Define Linear, Quadratic and Simultaneous Equations
A linear equation has variables with no exponent higher than 1. A quadratic equation contains at least one variable squared. Simultaneous equations are a set of multiple equations that share the same unknown variables, which are solved together to find matching values for those variables. [1, 2, 3, 4]
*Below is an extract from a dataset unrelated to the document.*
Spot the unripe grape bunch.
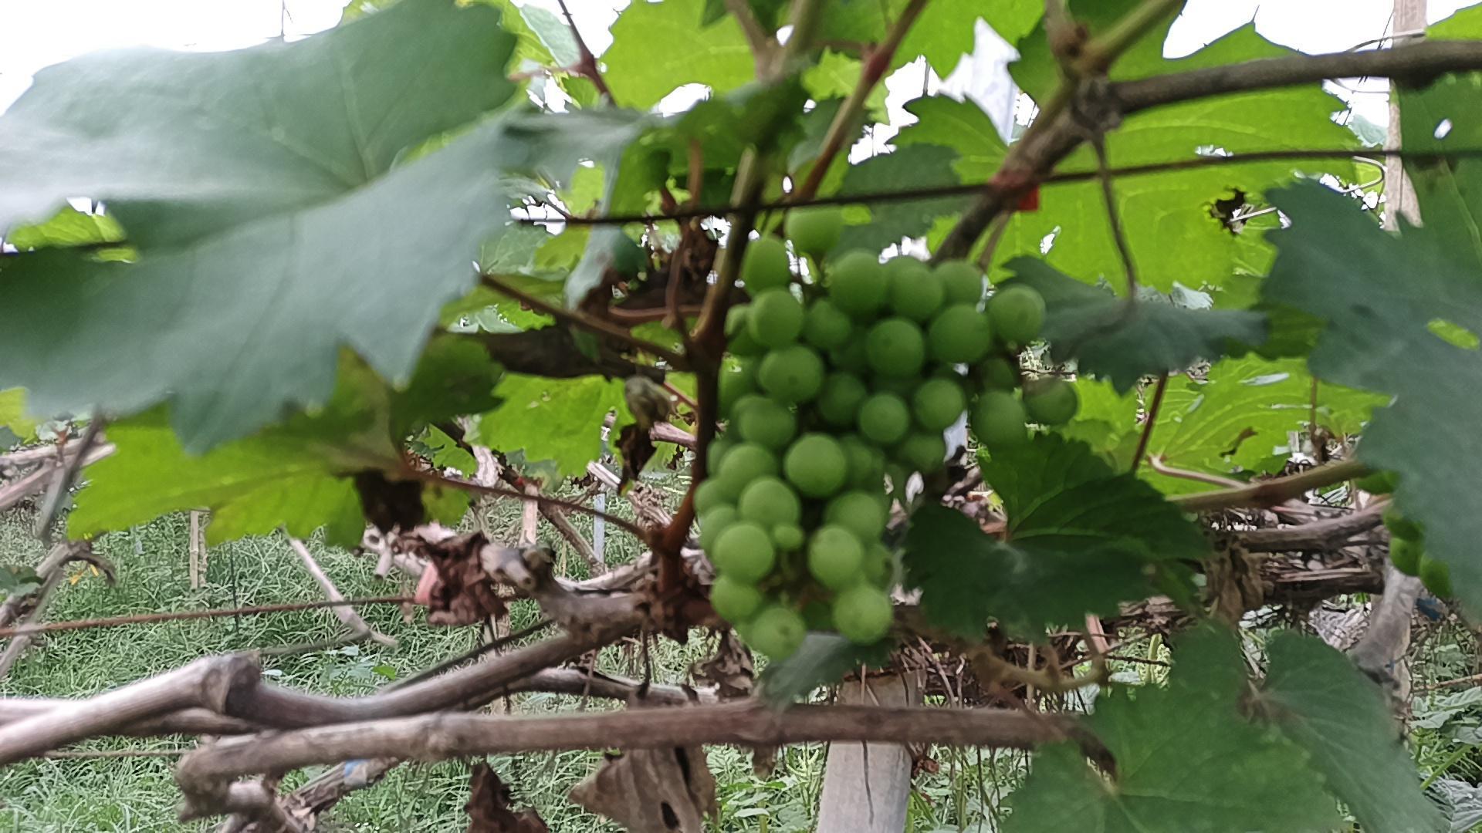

Here is a quick breakdown of each concept:
1. Linear Equations
A linear equation represents a straight line when graphed. The highest power of any variable in the equation is always 1.
- Standard Form: $ax + by = c$ (where $a$, $b$, and $c$ are numbers, and $x$ and $y$ are variables)
- Example: $3x + 4 = 10$ [6, 7]
2. Quadratic Equations
A quadratic equation is a second-degree polynomial, meaning the highest power of the unknown variable is exactly 2. When graphed, they form a U-shaped curve called a parabola.
- Standard Form: $ax^2 + bx + c = 0$
- Example: $x^2 - 5x + 6 = 0$
- Note: These can be solved using factoring, completing the square, or the quadratic formula$x = \frac{-b \pm \sqrt{b^2 - 4ac}}{2a}$ [1, 2]
3. Simultaneous Equations
Simultaneous equations (or systems of equations) require you to find values for two or more unknown variables that make all the equations true at the same time. Graphically, the solution represents the exact point or points where the lines or curves cross each other.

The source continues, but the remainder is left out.